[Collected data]
--- --- ---

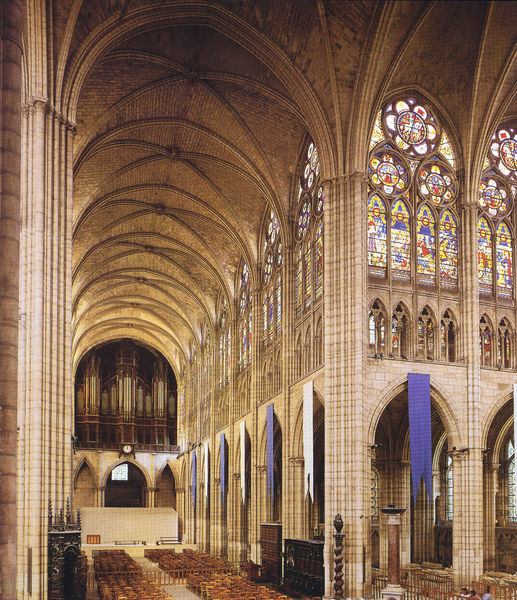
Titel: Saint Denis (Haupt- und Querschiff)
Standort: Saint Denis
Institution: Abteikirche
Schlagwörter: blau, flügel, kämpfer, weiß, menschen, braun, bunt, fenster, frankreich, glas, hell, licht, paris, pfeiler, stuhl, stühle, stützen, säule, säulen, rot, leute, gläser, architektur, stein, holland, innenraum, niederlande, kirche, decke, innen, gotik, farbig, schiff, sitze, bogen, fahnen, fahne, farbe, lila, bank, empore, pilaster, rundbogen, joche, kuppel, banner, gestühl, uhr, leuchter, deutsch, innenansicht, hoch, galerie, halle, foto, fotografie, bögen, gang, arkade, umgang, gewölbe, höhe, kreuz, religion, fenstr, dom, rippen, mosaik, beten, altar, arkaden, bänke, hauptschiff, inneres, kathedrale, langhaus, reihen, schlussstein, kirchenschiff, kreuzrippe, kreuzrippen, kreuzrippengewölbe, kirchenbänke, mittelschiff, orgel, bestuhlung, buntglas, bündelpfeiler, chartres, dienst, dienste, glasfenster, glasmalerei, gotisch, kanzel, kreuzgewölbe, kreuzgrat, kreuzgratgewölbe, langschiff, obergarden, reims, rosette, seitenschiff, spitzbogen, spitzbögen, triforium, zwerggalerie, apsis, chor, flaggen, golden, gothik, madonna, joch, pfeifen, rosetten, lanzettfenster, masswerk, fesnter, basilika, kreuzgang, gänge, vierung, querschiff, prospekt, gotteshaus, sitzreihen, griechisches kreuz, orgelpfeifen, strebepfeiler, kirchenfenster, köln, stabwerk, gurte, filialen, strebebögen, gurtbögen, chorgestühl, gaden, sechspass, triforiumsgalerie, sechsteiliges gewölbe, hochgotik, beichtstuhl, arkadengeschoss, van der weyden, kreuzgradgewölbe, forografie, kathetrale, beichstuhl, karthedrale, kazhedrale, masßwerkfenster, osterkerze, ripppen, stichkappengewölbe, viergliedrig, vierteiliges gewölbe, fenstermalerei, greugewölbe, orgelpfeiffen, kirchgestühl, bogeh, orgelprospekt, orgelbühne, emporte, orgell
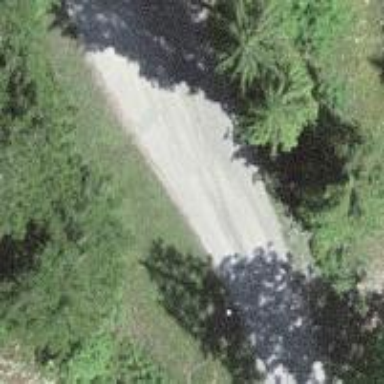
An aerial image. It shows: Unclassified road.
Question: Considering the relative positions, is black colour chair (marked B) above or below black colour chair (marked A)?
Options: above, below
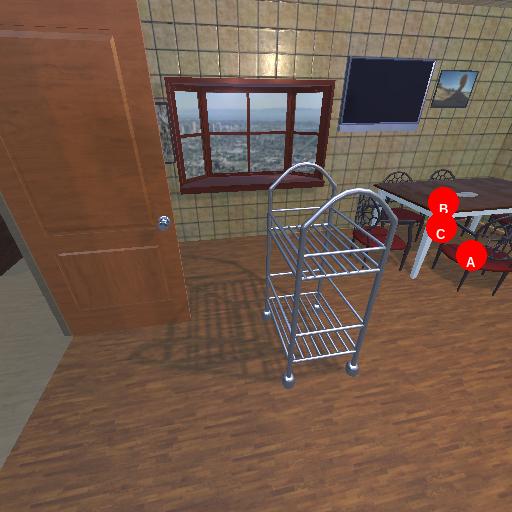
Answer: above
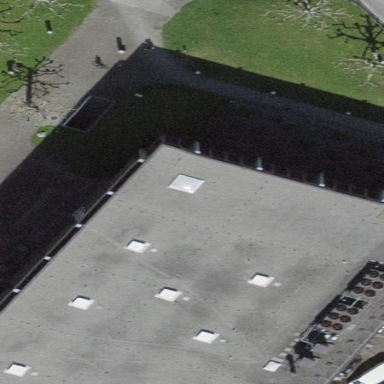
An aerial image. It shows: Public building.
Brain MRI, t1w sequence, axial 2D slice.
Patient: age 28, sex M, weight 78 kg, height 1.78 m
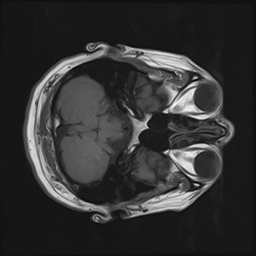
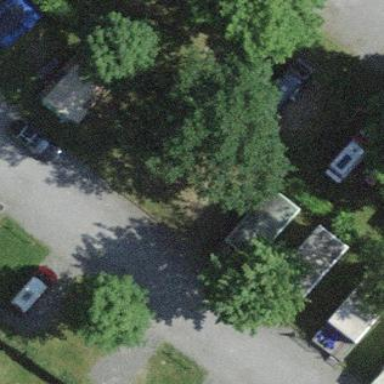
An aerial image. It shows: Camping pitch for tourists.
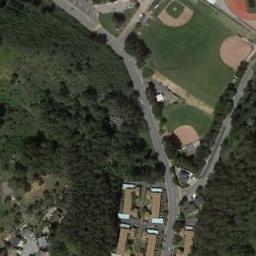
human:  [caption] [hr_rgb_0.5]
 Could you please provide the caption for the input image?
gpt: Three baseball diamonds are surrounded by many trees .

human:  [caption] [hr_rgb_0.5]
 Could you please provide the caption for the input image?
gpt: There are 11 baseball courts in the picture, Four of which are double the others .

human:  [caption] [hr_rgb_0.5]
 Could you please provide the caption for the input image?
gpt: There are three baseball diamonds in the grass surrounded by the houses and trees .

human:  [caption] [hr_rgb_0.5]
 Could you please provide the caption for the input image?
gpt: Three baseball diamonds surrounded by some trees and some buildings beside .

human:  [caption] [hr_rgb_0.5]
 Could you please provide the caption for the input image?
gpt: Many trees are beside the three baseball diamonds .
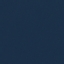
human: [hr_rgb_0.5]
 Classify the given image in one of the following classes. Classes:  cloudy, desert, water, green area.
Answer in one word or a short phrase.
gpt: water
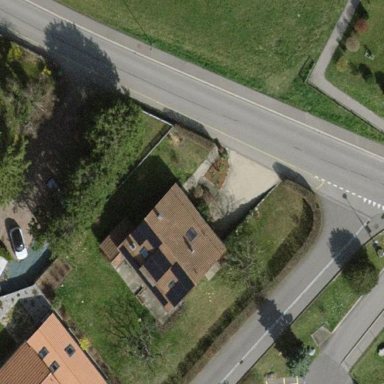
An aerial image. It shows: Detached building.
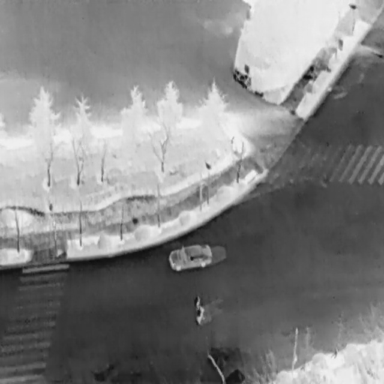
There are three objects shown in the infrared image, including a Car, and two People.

--- --- ---

> Exercise directions: Skip every picture, and restate word for word only the lines above from the line containing "An aerial image. It shows: Unclassified road." to the line containing "Answer: above", both of them included.

> Task response:
An aerial image. It shows: Unclassified road.
Question: Considering the relative positions, is black colour chair (marked B) above or below black colour chair (marked A)?
Options: above, below
Answer: above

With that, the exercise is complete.